DATA SHOWN
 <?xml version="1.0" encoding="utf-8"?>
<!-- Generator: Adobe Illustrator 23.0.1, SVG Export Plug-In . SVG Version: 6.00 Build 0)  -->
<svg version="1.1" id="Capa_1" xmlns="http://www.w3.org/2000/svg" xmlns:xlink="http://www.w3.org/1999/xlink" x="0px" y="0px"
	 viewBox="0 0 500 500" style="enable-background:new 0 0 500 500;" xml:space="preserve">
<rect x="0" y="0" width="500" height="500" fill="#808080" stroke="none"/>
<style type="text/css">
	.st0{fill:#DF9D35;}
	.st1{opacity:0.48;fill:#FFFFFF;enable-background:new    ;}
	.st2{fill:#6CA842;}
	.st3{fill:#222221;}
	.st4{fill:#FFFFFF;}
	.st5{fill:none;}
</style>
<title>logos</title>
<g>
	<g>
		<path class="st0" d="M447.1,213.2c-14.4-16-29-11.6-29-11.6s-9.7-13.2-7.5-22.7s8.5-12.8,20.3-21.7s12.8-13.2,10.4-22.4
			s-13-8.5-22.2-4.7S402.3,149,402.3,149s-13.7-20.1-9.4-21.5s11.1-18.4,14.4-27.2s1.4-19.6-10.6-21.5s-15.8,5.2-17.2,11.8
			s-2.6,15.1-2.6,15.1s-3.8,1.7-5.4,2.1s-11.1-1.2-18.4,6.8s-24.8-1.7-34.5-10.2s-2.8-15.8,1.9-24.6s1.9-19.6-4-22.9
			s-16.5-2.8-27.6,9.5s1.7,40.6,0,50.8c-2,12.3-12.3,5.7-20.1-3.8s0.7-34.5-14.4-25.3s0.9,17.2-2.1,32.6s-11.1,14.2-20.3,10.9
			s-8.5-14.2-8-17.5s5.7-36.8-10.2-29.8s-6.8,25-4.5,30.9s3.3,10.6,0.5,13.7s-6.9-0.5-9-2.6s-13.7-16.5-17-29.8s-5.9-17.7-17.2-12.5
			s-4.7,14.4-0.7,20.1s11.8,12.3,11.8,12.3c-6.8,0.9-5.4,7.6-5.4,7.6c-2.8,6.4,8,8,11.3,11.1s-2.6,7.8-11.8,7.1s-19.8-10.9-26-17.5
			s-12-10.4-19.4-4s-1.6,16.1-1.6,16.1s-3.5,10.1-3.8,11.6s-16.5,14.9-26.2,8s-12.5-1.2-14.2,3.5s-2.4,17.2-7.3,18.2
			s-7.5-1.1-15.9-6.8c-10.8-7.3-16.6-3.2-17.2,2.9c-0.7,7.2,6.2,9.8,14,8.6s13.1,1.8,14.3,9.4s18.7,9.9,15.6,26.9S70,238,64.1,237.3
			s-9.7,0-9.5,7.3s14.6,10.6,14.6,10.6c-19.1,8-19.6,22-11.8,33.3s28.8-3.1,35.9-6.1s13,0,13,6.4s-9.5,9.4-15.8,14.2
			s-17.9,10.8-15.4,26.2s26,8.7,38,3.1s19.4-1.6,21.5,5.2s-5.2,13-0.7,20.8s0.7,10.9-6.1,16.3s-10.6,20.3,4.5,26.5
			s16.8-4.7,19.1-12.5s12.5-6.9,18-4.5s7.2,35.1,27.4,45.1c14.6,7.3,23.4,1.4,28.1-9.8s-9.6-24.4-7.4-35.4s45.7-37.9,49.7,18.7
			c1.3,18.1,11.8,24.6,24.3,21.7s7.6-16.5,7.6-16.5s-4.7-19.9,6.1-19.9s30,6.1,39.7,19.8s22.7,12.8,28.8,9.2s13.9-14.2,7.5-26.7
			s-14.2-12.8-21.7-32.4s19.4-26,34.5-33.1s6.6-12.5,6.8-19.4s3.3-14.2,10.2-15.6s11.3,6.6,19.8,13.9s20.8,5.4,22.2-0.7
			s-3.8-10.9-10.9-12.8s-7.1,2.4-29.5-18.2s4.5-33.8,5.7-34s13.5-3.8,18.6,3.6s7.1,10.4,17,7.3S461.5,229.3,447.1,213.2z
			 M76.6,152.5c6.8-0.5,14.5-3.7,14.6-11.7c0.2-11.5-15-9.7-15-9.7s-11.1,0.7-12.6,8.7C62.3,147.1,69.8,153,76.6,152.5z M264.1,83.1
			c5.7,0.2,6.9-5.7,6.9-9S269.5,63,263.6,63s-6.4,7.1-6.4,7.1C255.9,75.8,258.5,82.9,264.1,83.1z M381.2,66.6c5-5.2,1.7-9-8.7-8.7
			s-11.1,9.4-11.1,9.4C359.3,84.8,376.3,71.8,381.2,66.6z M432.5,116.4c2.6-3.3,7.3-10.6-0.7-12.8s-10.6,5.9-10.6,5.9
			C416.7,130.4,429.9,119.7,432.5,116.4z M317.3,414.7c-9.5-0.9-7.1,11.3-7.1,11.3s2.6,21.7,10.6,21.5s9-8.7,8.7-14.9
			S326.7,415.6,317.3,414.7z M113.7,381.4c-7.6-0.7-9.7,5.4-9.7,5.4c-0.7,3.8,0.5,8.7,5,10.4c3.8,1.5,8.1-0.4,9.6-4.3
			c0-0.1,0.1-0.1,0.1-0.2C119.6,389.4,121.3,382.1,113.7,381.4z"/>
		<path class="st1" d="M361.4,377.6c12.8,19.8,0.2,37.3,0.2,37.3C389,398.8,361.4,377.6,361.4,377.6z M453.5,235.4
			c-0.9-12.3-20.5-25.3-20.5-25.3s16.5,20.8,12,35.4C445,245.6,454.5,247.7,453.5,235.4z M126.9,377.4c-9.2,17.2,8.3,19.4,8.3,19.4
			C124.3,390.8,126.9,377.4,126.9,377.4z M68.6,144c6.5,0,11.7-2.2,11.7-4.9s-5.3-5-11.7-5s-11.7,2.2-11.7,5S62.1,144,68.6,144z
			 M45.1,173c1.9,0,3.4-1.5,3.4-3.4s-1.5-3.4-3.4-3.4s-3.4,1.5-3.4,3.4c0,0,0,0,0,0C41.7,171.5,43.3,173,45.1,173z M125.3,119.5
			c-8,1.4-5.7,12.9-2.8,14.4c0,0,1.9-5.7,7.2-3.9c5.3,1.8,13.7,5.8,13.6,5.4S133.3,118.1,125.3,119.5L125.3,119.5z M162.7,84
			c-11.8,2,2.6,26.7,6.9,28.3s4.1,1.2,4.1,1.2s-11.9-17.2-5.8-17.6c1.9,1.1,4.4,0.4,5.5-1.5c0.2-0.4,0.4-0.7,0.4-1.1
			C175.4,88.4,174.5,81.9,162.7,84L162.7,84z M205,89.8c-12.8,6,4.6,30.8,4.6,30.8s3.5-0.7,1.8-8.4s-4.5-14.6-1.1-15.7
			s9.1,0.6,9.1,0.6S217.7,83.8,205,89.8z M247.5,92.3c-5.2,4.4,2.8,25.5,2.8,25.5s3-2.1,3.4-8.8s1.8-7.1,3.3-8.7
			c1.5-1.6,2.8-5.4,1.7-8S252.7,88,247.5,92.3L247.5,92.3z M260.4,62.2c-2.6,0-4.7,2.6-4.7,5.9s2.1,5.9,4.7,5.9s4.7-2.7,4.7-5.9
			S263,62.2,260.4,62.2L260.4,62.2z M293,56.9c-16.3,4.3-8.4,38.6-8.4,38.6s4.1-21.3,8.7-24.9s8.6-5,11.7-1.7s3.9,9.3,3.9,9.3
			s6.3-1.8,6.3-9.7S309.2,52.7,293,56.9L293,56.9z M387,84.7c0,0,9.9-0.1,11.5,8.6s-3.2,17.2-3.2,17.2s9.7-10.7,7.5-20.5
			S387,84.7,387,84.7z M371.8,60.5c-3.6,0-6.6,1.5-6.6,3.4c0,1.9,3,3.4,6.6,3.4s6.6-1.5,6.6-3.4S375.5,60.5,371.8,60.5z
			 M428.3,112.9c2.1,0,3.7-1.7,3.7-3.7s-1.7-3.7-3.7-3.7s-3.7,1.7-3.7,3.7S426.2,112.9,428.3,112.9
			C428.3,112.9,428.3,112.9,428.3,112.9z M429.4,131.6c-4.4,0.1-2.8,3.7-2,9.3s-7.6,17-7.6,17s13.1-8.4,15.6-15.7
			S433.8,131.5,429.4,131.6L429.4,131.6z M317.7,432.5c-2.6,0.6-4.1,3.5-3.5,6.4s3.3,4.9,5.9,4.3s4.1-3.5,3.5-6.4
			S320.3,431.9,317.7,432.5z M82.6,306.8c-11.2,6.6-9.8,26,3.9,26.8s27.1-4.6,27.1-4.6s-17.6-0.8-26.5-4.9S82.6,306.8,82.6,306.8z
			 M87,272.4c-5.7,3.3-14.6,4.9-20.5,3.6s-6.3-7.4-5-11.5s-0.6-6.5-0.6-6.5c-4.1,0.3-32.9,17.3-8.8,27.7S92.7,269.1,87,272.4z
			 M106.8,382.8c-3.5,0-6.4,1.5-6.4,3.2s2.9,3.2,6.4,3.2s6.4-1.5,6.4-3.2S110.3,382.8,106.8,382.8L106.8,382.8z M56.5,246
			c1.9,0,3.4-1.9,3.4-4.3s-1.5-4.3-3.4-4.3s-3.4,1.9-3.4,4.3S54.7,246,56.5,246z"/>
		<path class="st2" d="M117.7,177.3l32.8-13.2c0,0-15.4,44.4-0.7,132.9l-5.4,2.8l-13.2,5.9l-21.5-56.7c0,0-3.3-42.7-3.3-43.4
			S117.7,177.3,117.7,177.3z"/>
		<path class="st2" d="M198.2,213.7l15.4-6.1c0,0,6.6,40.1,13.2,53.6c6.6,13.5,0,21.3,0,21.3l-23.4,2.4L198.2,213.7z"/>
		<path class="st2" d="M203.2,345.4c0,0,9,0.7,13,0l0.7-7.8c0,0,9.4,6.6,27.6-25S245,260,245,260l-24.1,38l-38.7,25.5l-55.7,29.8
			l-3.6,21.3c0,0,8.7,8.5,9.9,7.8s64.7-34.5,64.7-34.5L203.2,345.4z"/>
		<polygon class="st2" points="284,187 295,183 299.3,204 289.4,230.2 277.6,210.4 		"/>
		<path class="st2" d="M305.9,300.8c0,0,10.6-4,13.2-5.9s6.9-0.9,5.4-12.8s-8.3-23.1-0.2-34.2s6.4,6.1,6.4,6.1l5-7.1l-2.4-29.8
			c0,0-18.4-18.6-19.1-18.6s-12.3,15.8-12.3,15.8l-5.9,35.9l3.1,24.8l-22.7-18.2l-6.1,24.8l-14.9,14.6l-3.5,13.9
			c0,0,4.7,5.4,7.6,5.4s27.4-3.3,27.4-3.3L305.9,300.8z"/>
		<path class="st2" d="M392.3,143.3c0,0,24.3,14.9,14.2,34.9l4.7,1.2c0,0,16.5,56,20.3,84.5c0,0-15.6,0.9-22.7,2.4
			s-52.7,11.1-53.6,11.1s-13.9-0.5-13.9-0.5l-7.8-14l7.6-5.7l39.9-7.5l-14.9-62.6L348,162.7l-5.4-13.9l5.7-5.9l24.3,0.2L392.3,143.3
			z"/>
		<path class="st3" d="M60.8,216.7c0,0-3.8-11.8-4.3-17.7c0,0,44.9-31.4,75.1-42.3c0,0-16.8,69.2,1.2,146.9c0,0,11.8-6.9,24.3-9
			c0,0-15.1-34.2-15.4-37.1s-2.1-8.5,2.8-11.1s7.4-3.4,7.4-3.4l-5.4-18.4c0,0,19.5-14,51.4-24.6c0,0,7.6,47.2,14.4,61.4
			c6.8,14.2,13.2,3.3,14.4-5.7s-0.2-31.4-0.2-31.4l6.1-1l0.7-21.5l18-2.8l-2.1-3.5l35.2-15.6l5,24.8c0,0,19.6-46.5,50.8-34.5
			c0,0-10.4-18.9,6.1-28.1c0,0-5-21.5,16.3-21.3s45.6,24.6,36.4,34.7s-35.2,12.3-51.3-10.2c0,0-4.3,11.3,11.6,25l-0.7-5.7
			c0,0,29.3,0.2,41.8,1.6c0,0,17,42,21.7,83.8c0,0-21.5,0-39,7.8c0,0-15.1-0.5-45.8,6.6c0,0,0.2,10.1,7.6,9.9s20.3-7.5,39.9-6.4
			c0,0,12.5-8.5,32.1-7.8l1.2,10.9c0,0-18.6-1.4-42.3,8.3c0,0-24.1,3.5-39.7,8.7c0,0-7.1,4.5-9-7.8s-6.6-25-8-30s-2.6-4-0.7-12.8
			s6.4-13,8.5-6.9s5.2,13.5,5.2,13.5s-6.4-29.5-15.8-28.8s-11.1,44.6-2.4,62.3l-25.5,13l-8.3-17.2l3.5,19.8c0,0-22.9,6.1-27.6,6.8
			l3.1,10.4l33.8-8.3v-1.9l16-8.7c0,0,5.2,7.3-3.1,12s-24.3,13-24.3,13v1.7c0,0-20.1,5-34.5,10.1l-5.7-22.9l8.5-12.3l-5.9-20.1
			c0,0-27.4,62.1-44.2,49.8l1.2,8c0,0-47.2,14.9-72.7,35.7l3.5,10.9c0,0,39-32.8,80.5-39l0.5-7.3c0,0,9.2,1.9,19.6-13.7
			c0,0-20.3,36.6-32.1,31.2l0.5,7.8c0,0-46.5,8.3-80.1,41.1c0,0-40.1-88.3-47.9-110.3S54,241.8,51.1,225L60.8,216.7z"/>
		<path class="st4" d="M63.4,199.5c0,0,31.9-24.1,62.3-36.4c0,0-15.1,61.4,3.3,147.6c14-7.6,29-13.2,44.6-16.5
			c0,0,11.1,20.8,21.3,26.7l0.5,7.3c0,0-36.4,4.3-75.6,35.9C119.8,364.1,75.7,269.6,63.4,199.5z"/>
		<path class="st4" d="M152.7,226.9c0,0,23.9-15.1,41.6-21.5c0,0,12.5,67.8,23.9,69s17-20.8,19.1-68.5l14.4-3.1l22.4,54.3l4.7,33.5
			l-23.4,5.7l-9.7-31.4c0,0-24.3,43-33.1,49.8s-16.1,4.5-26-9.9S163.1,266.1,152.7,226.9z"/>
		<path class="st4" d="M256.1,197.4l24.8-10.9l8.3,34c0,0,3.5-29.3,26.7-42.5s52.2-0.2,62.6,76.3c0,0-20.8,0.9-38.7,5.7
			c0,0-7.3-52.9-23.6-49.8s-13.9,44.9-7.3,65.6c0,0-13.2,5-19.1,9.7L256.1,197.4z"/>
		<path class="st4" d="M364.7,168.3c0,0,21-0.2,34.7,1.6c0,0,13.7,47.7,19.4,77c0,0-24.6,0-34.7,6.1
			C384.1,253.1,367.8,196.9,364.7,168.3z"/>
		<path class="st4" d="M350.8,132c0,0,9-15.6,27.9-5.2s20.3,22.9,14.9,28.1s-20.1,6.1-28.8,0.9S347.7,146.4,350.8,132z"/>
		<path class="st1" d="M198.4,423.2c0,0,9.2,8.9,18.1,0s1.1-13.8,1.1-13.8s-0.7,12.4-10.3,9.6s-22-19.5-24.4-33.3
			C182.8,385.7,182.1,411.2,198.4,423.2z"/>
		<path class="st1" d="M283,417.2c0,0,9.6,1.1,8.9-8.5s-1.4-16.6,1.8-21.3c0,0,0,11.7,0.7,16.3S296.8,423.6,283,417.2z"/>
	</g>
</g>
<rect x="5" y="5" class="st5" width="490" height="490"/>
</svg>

DIRECTIONS
Show every line in the entries where the string "FFFFFF" occurs.

PROBLEM SOLUTION
	.st1{opacity:0.48;fill:#FFFFFF;enable-background:new    ;}
	.st4{fill:#FFFFFF;}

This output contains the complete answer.